***** Supplied material
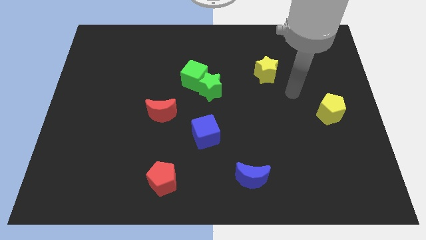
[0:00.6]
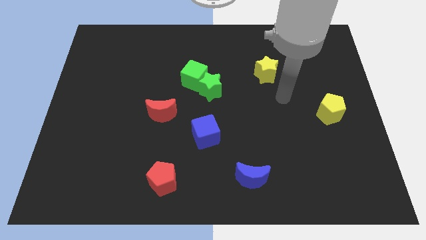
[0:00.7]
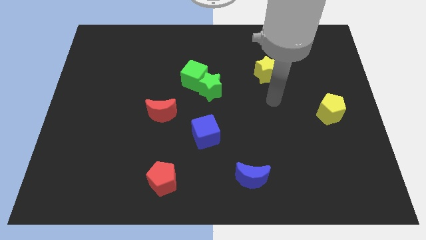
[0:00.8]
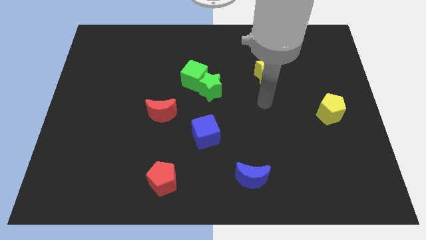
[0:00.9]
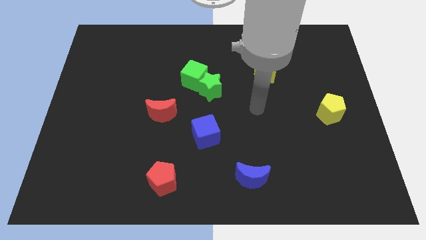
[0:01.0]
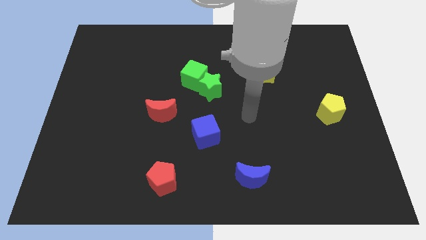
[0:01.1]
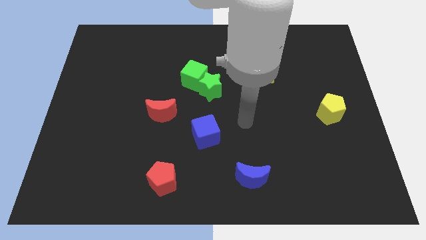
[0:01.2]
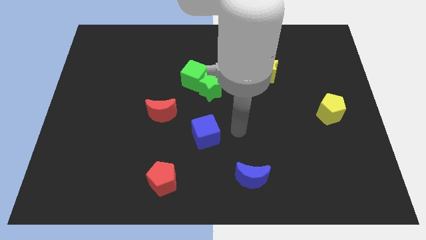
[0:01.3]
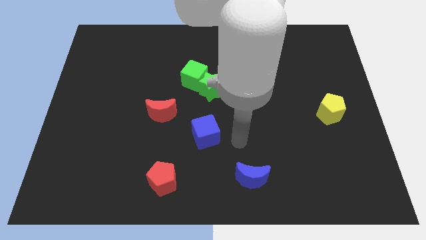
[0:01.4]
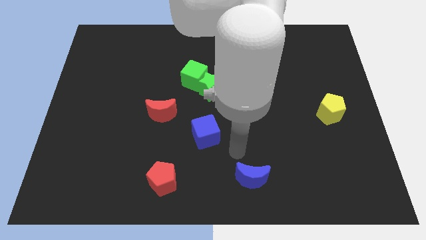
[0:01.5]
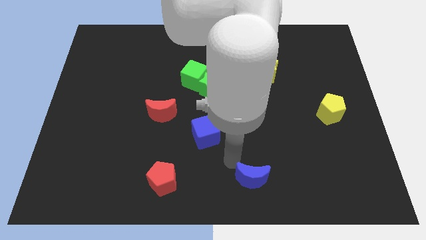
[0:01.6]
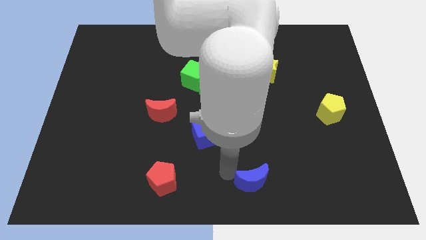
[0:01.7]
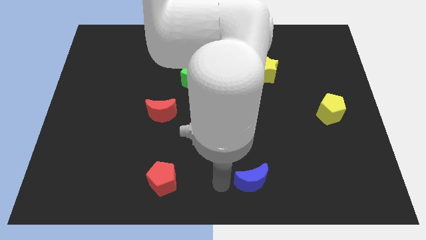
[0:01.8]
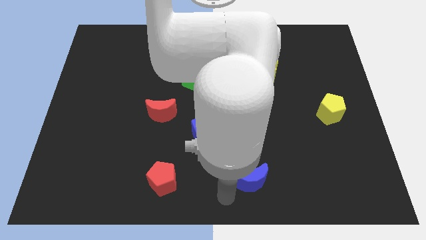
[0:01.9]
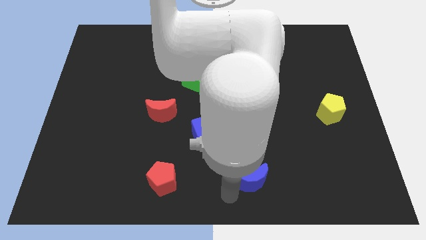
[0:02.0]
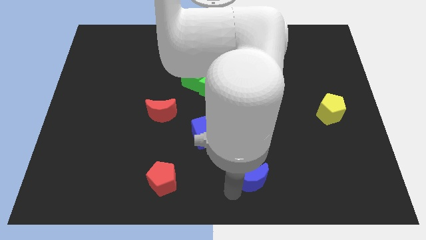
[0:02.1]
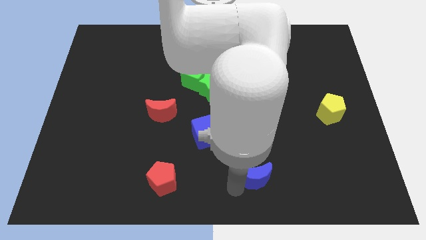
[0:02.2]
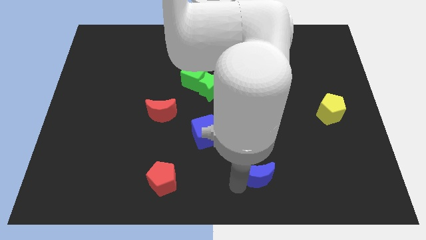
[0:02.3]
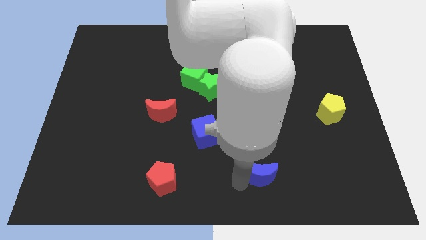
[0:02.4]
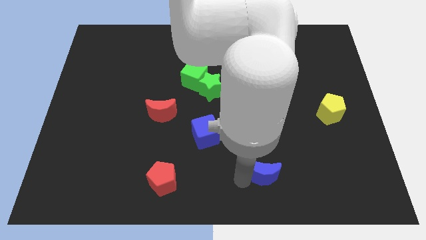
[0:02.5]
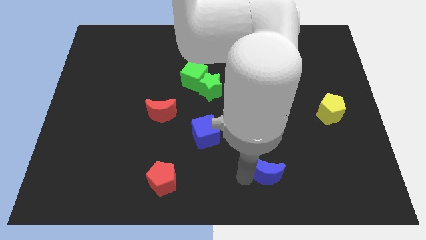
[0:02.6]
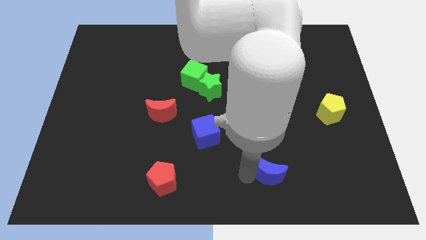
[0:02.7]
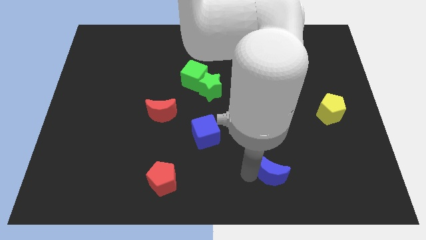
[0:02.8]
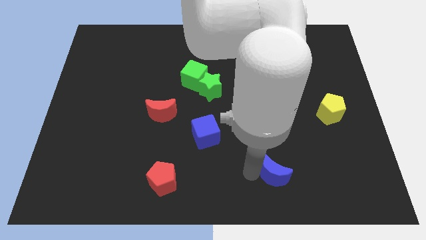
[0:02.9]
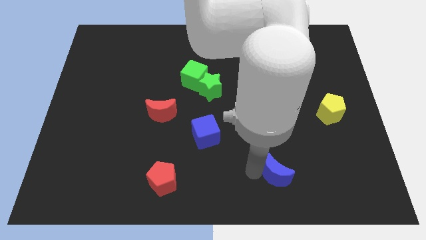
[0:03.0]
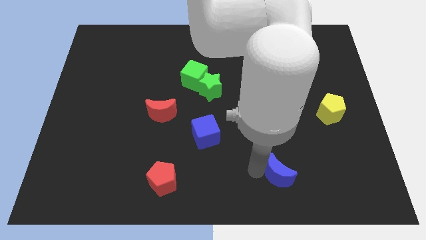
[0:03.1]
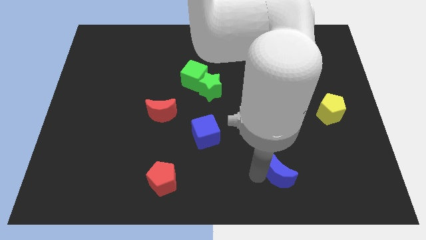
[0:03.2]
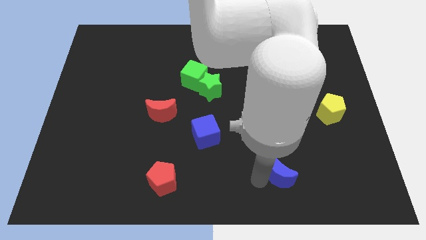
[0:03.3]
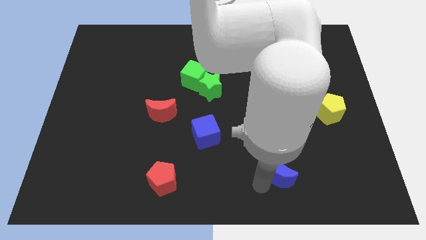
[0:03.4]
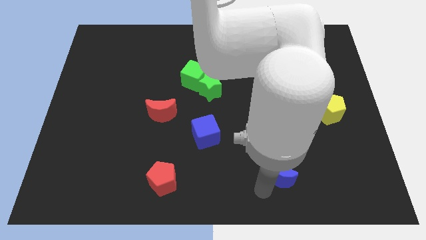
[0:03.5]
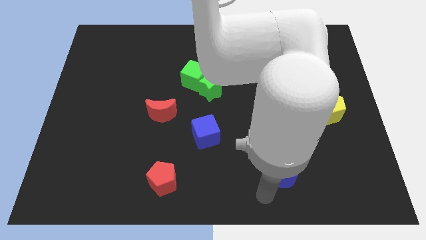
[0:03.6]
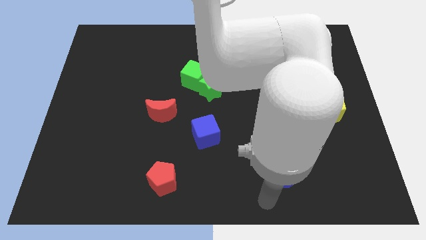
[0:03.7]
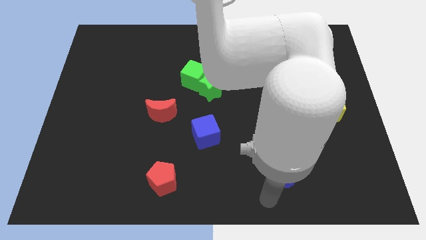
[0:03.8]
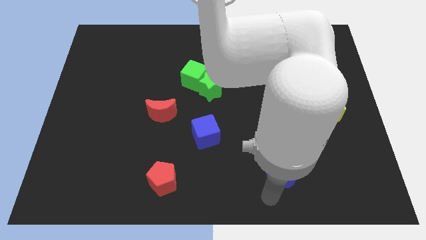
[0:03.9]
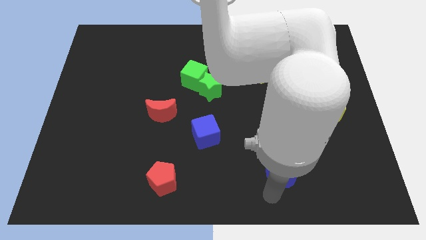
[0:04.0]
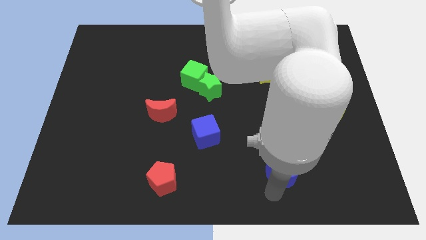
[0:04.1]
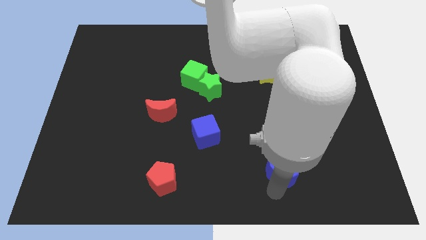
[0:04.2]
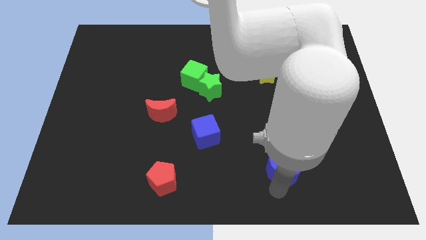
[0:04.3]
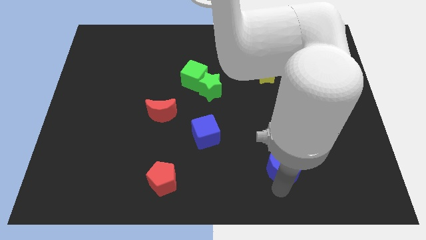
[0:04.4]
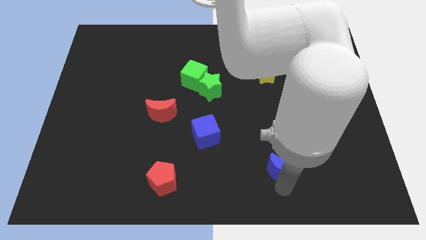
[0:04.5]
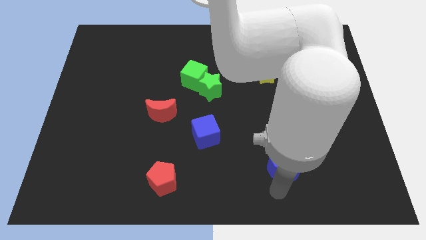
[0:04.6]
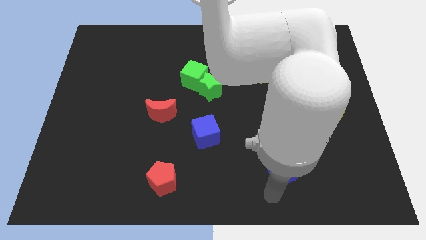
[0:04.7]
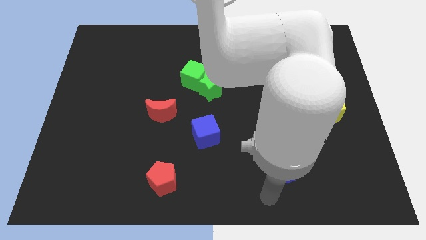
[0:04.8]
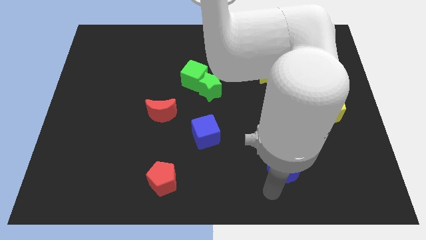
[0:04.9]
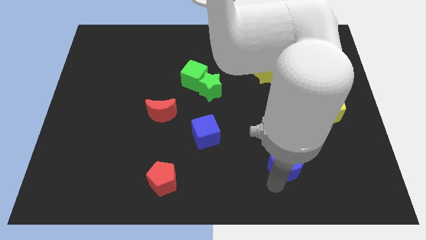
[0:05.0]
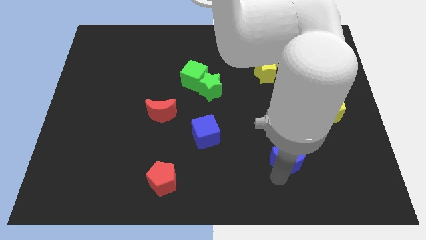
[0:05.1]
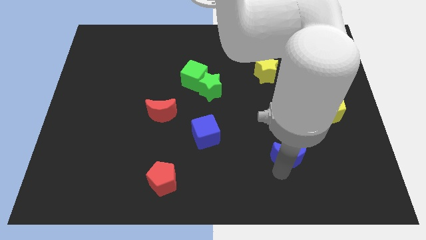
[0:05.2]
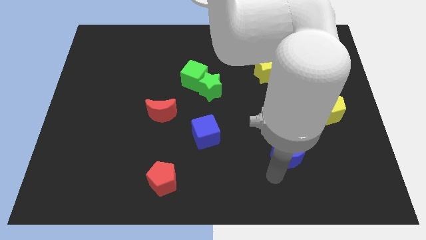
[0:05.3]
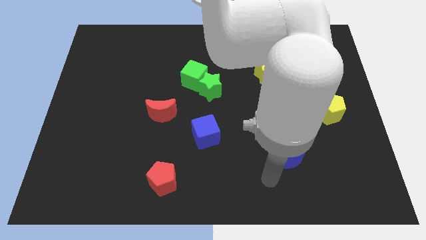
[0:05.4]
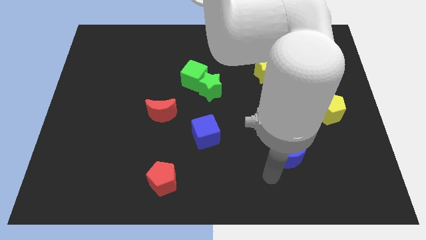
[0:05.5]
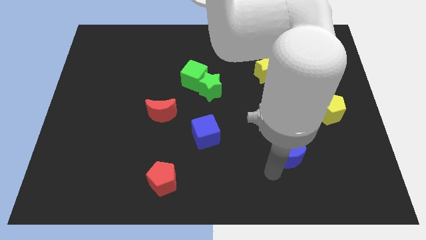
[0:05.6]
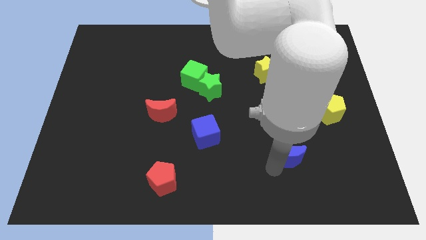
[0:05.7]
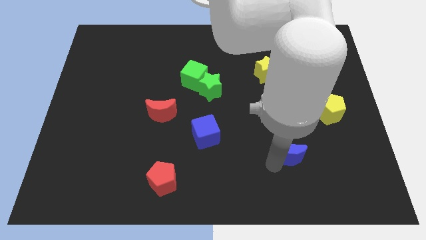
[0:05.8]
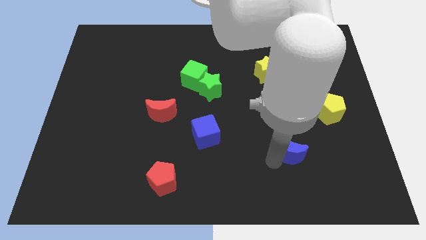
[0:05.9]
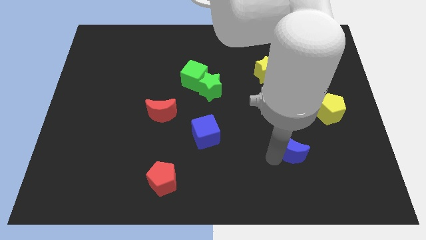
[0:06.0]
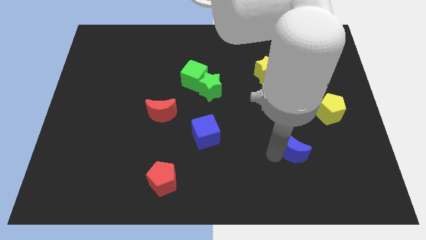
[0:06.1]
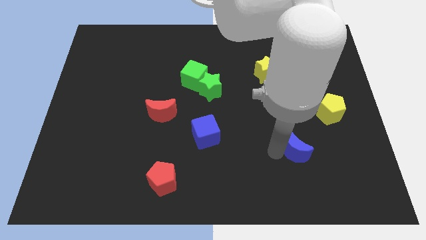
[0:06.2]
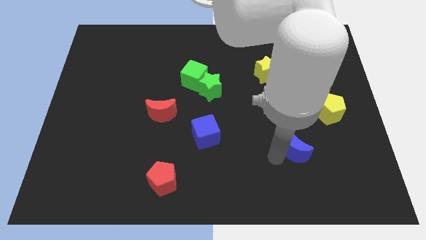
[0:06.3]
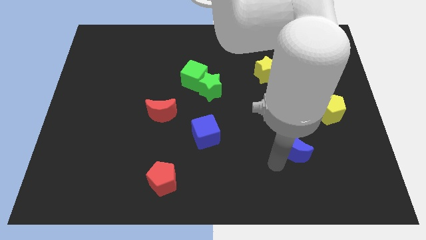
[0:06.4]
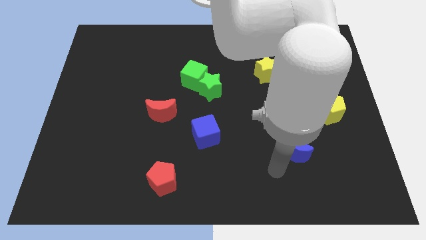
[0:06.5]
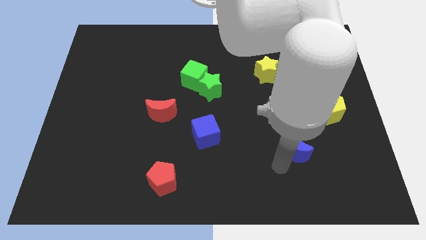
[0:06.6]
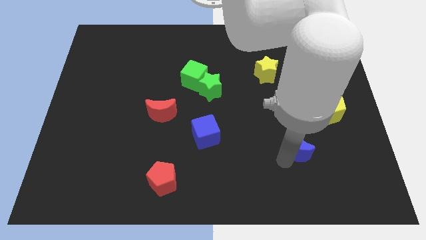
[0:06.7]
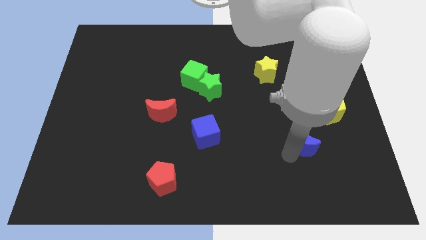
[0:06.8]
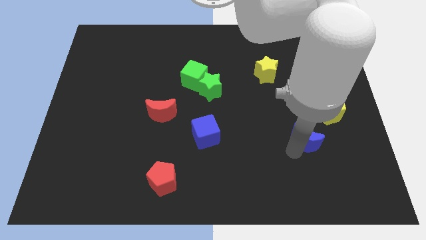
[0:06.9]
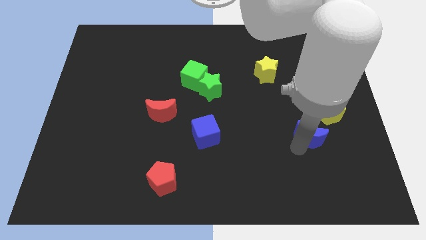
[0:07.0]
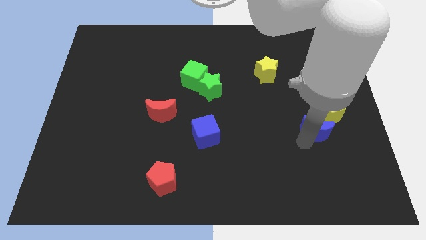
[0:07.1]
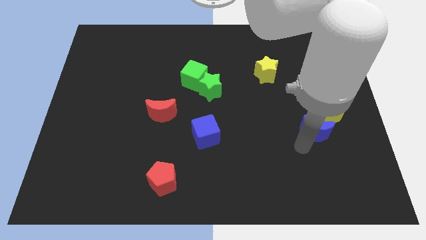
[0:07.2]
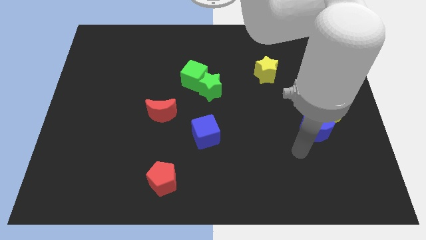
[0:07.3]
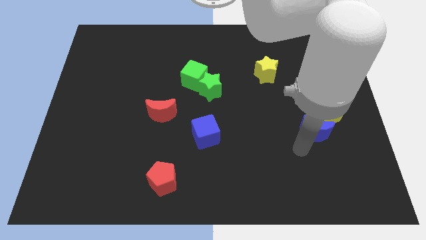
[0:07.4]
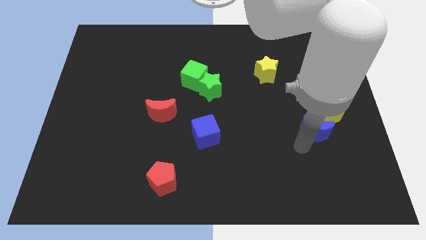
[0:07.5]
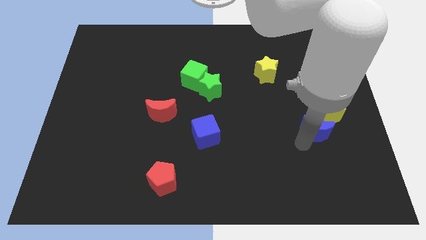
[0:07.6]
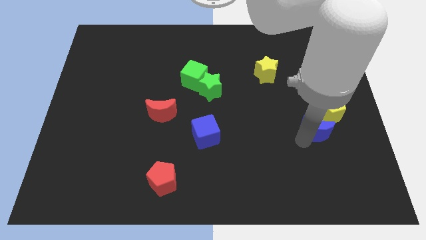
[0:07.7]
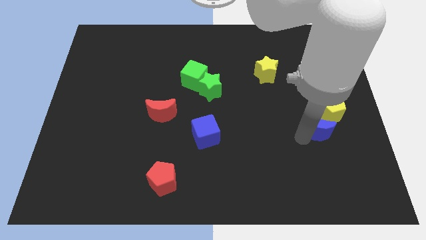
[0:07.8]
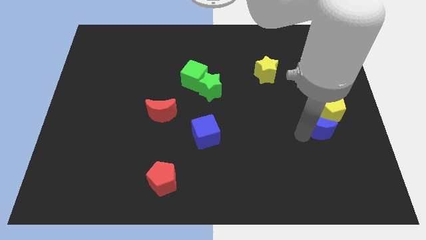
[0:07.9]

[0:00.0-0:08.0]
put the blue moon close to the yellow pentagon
**********
• Instructions to follow: Output all the data, exactly, without images.

• Solution to this problem:
[0:00.6]
[0:00.7]
[0:00.8]
[0:00.9]
[0:01.0]
[0:01.1]
[0:01.2]
[0:01.3]
[0:01.4]
[0:01.5]
[0:01.6]
[0:01.7]
[0:01.8]
[0:01.9]
[0:02.0]
[0:02.1]
[0:02.2]
[0:02.3]
[0:02.4]
[0:02.5]
[0:02.6]
[0:02.7]
[0:02.8]
[0:02.9]
[0:03.0]
[0:03.1]
[0:03.2]
[0:03.3]
[0:03.4]
[0:03.5]
[0:03.6]
[0:03.7]
[0:03.8]
[0:03.9]
[0:04.0]
[0:04.1]
[0:04.2]
[0:04.3]
[0:04.4]
[0:04.5]
[0:04.6]
[0:04.7]
[0:04.8]
[0:04.9]
[0:05.0]
[0:05.1]
[0:05.2]
[0:05.3]
[0:05.4]
[0:05.5]
[0:05.6]
[0:05.7]
[0:05.8]
[0:05.9]
[0:06.0]
[0:06.1]
[0:06.2]
[0:06.3]
[0:06.4]
[0:06.5]
[0:06.6]
[0:06.7]
[0:06.8]
[0:06.9]
[0:07.0]
[0:07.1]
[0:07.2]
[0:07.3]
[0:07.4]
[0:07.5]
[0:07.6]
[0:07.7]
[0:07.8]
[0:07.9]

[0:00.0-0:08.0]
put the blue moon close to the yellow pentagon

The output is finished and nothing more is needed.